→ **Directions**:
Starting with the first line of the data below, copy each line up to and including the one containing "Positioned in time". Pictures stay out.

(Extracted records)
____
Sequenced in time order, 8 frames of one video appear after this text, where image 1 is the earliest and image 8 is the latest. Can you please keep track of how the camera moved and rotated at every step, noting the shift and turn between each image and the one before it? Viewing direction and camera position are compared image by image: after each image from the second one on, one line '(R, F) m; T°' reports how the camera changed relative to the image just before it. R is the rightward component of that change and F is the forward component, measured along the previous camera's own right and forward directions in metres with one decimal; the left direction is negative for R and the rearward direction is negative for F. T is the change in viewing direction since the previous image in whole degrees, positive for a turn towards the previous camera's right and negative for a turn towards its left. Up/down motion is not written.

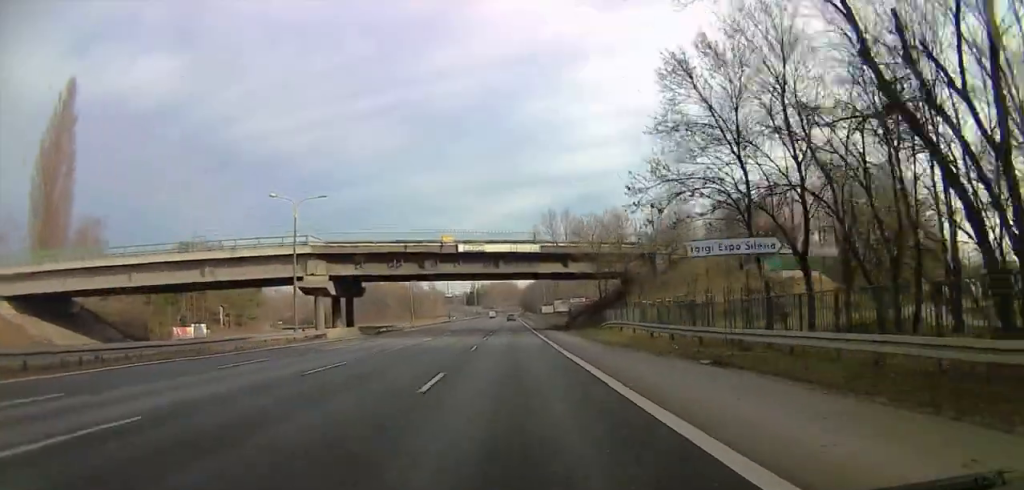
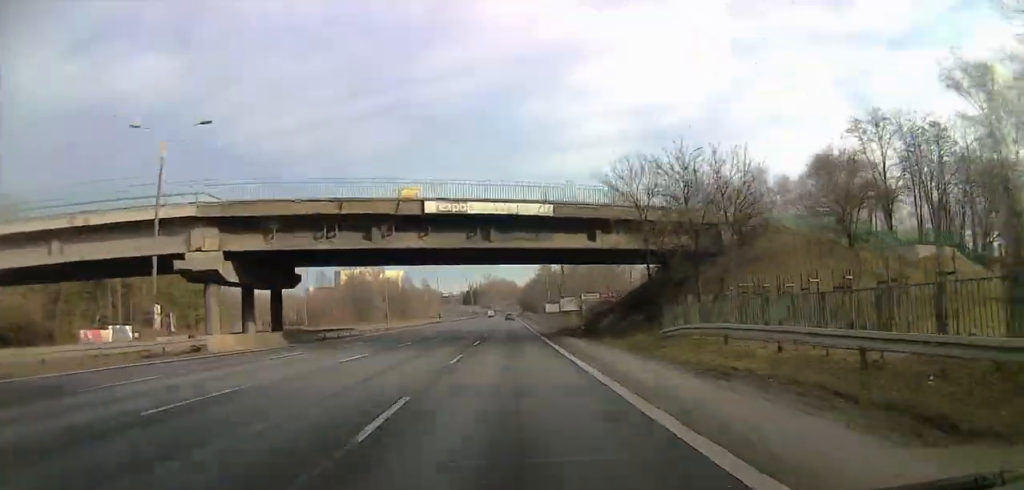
(-0.3, +19.7) m; -2°
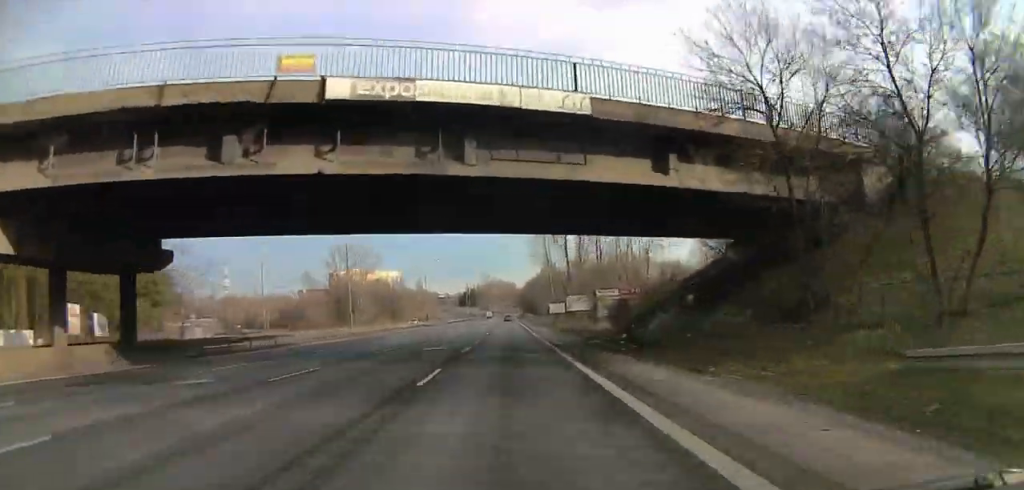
(-0.5, +17.8) m; 0°
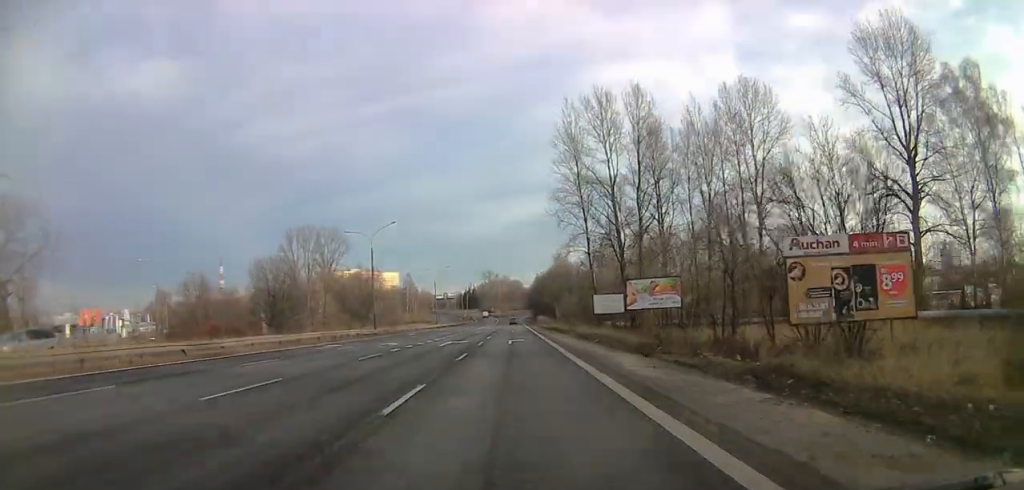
(-1.4, +51.8) m; -2°
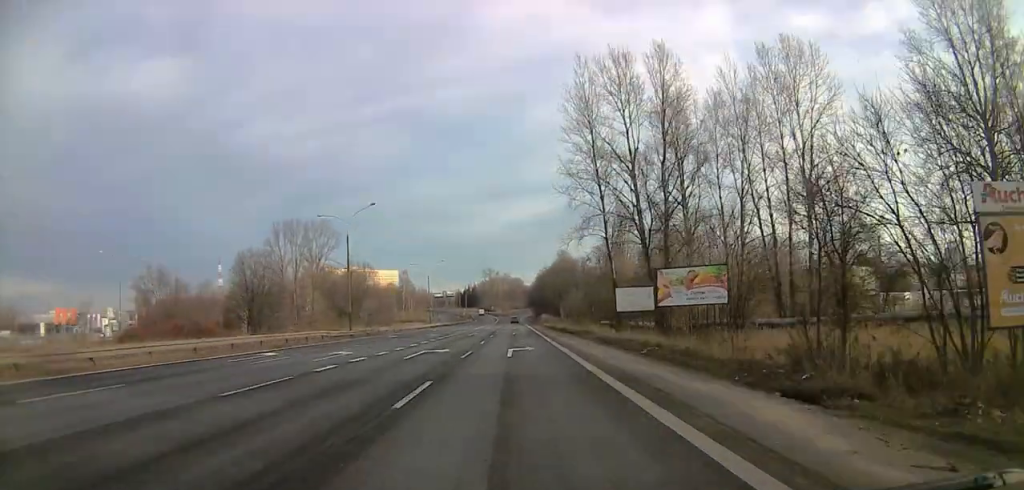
(-0.1, +11.6) m; +1°
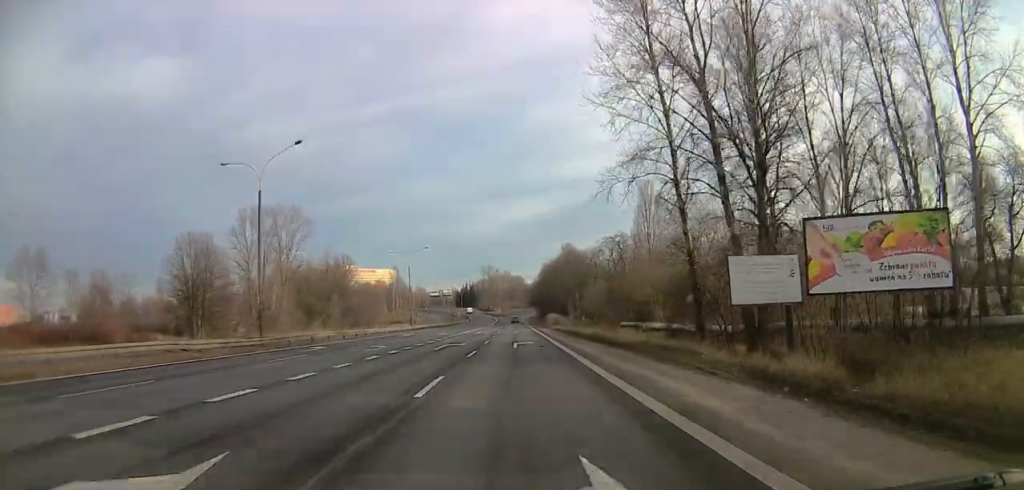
(+0.7, +23.2) m; 0°
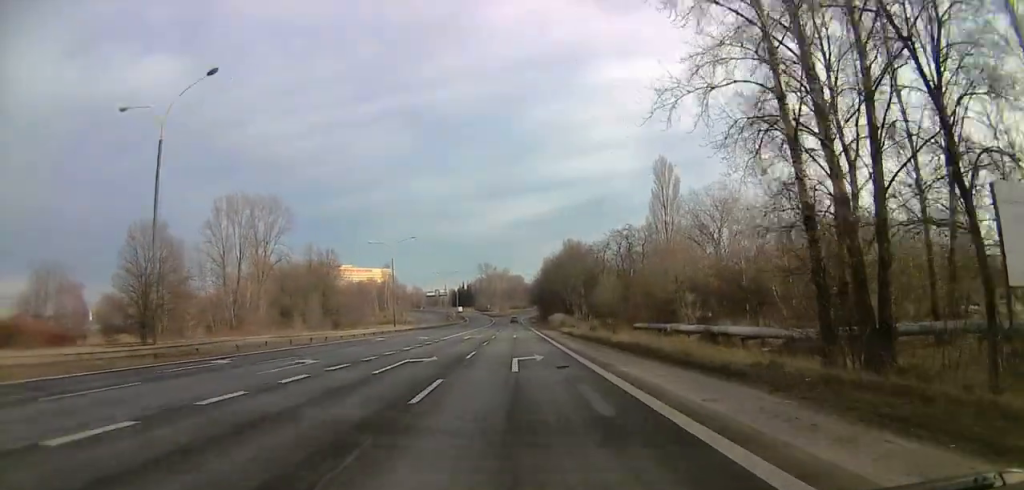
(-0.4, +13.2) m; -1°
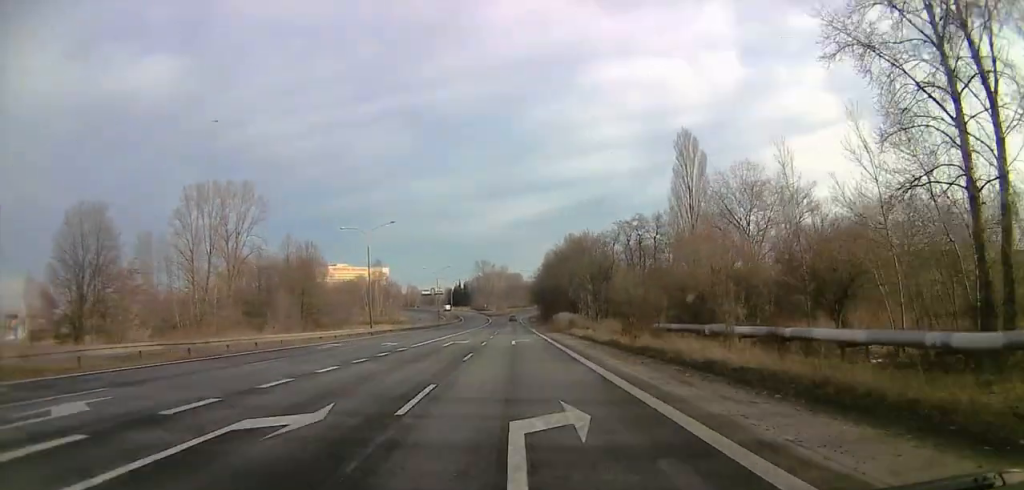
(-0.1, +14.0) m; -1°
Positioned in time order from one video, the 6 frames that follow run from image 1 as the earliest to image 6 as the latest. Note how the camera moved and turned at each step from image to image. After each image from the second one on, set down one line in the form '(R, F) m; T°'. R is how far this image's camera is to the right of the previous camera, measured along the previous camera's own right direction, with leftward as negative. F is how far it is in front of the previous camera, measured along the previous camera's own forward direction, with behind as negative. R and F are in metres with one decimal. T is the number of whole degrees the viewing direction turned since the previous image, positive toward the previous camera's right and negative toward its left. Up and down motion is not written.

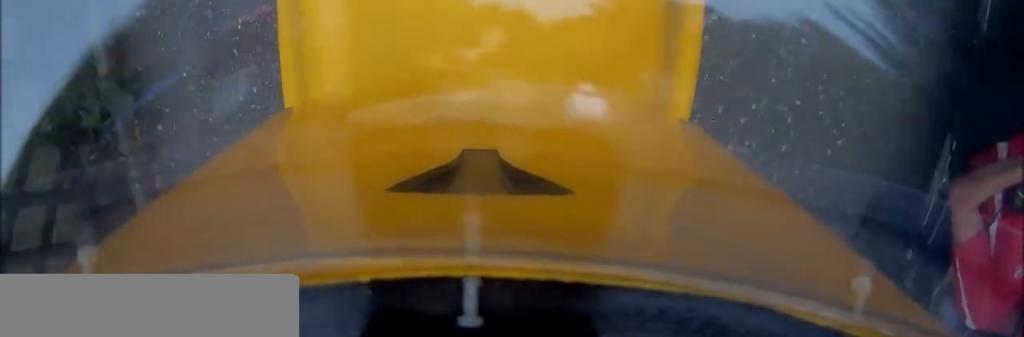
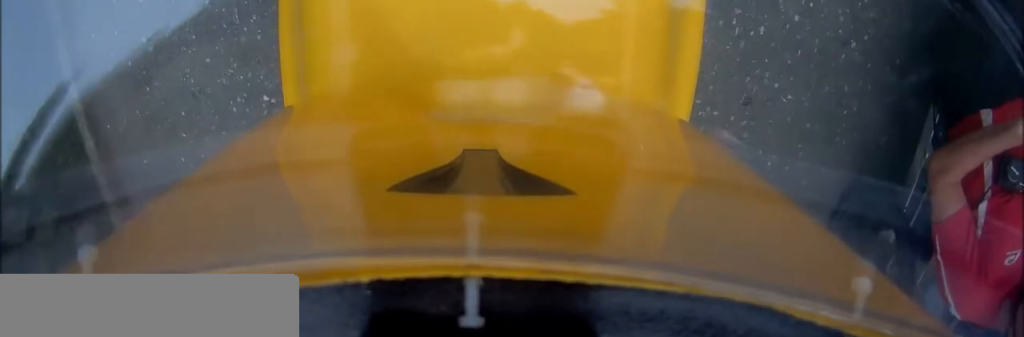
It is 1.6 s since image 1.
(-0.6, +5.9) m; -34°
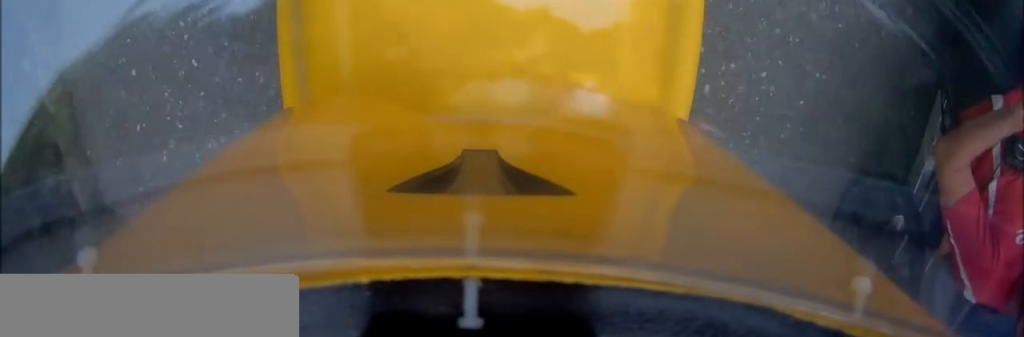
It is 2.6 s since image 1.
____
→ **Answer section**:
Sequenced in time order, 8 frames of one video appear after this text, where image 1 is the earliest and image 8 is the latest. Can you please keep track of how the camera moved and rotated at every step, noting the shift and turn between each image and the one before it? Viewing direction and camera position are compared image by image: after each image from the second one on, one line '(R, F) m; T°' reports how the camera changed relative to the image just before it. R is the rightward component of that change and F is the forward component, measured along the previous camera's own right and forward directions in metres with one decimal; the left direction is negative for R and the rearward direction is negative for F. T is the change in viewing direction since the previous image in whole degrees, positive for a turn towards the previous camera's right and negative for a turn towards its left. Up/down motion is not written.

(-0.3, +19.7) m; -2°
(-0.5, +17.8) m; 0°
(-1.4, +51.8) m; -2°
(-0.1, +11.6) m; +1°
(+0.7, +23.2) m; 0°
(-0.4, +13.2) m; -1°
(-0.1, +14.0) m; -1°
Positioned in time order from one video, the 6 frames that follow run from image 1 as the earliest to image 6 as the latest. Note how the camera moved and turned at each step from image to image. After each image from the second one on, set down one line in the form '(R, F) m; T°'. R is how far this image's camera is to the right of the previous camera, measured along the previous camera's own right direction, with leftward as negative. F is how far it is in front of the previous camera, measured along the previous camera's own forward direction, with behind as negative. R and F are in metres with one decimal. T is the number of whole degrees the viewing direction turned since the previous image, positive toward the previous camera's right and negative toward its left. Up and down motion is not written.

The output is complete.